[Opening Excerpted records section]

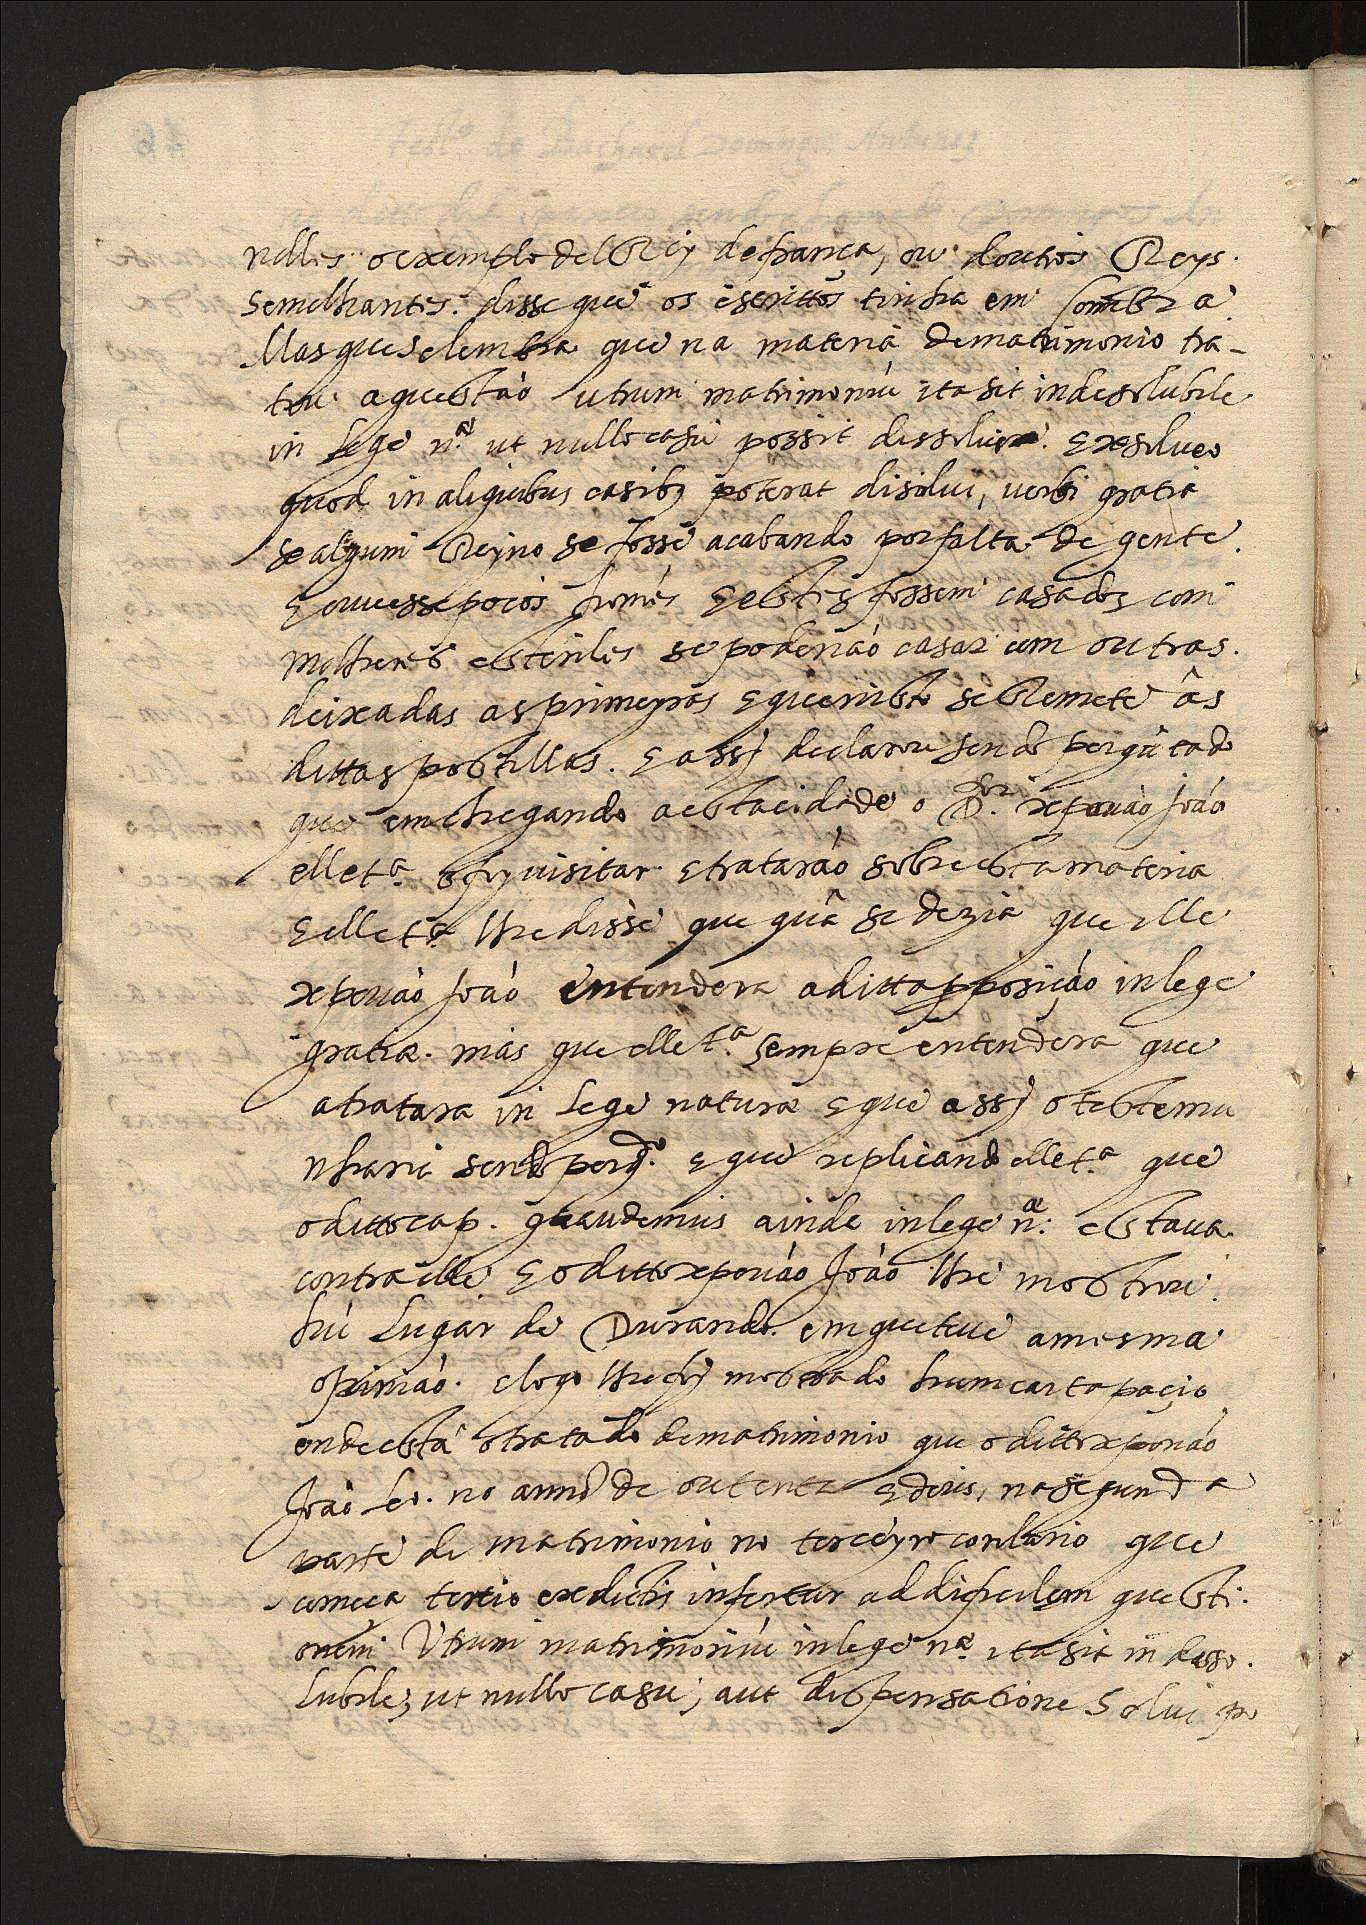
nelles o exemplo del Rey de frança, ou doutros Reys.
semelhantes disse que os escrittos tinha em Coimbra
Mas que se lembra que na materia de matrimonio tra
tou a questaõ utrum matrimoniū ita sit indesolubile
in lego n.a ut nullo casū possit dissolui E resolueo
quod in aliguibus casibꝯ poterat disolui, uerbi gratia
se algum Reyno se fosse acabando por falta de gente
E ouuesse pocos homēs E estes fossem casados com
molheres esteriles se poderiaõ casar com outras.
deixadas as primeyras E que nisto se Remete âs
dittas postillas. E assj declarou sendo pergūtado
que em chegando a esta cidade o D.tor xpouão João
elle ta. o foy uisitar E tratarão sobre esta materia
E elle t.a lhe disse que quâ se dezia que elle
xpouão João entendera a ditta ꝓposição in lege
gratiæ. mas que elle t.a sempre entendera que
a tratara in lege naturæ E que assj o testemu
nharia sendo perg.do E que replicando elle t.a que
o ditto cap. guaudemus ainde in lege n:æ estaua
contra elle E o ditto xpouão João lhe mostrou.
hū Lugar de Durando em que teue a mesma
opinião. E logo lhe foy mostrado hum cartapaçio
onde estâ o tratado de matrimonio que o ditto xpouão
Joaõ leo. no annō de outenta E dous, na segunda
parte de matrimonio no terceyro corolario que
começa tertio ex dictis infortur ad difrulem ques̄ti
onem. Vtrum matrimoniū in lege næ. ita sit in dasso.
lubiles ut nullo casu; aut dispensatione solui po

[Closing Excerpted records section]

Brief:
Omit the pictures, then output every record exactly as given.

Answer space:
nelles o exemplo del Rey de frança, ou doutros Reys.
semelhantes disse que os escrittos tinha em Coimbra
Mas que se lembra que na materia de matrimonio tra
tou a questaõ utrum matrimoniū ita sit indesolubile
in lego n.a ut nullo casū possit dissolui E resolueo
quod in aliguibus casibꝯ poterat disolui, uerbi gratia
se algum Reyno se fosse acabando por falta de gente
E ouuesse pocos homēs E estes fossem casados com
molheres esteriles se poderiaõ casar com outras.
deixadas as primeyras E que nisto se Remete âs
dittas postillas. E assj declarou sendo pergūtado
que em chegando a esta cidade o D.tor xpouão João
elle ta. o foy uisitar E tratarão sobre esta materia
E elle t.a lhe disse que quâ se dezia que elle
xpouão João entendera a ditta ꝓposição in lege
gratiæ. mas que elle t.a sempre entendera que
a tratara in lege naturæ E que assj o testemu
nharia sendo perg.do E que replicando elle t.a que
o ditto cap. guaudemus ainde in lege n:æ estaua
contra elle E o ditto xpouão João lhe mostrou.
hū Lugar de Durando em que teue a mesma
opinião. E logo lhe foy mostrado hum cartapaçio
onde estâ o tratado de matrimonio que o ditto xpouão
Joaõ leo. no annō de outenta E dous, na segunda
parte de matrimonio no terceyro corolario que
começa tertio ex dictis infortur ad difrulem ques̄ti
onem. Vtrum matrimoniū in lege næ. ita sit in dasso.
lubiles ut nullo casu; aut dispensatione solui po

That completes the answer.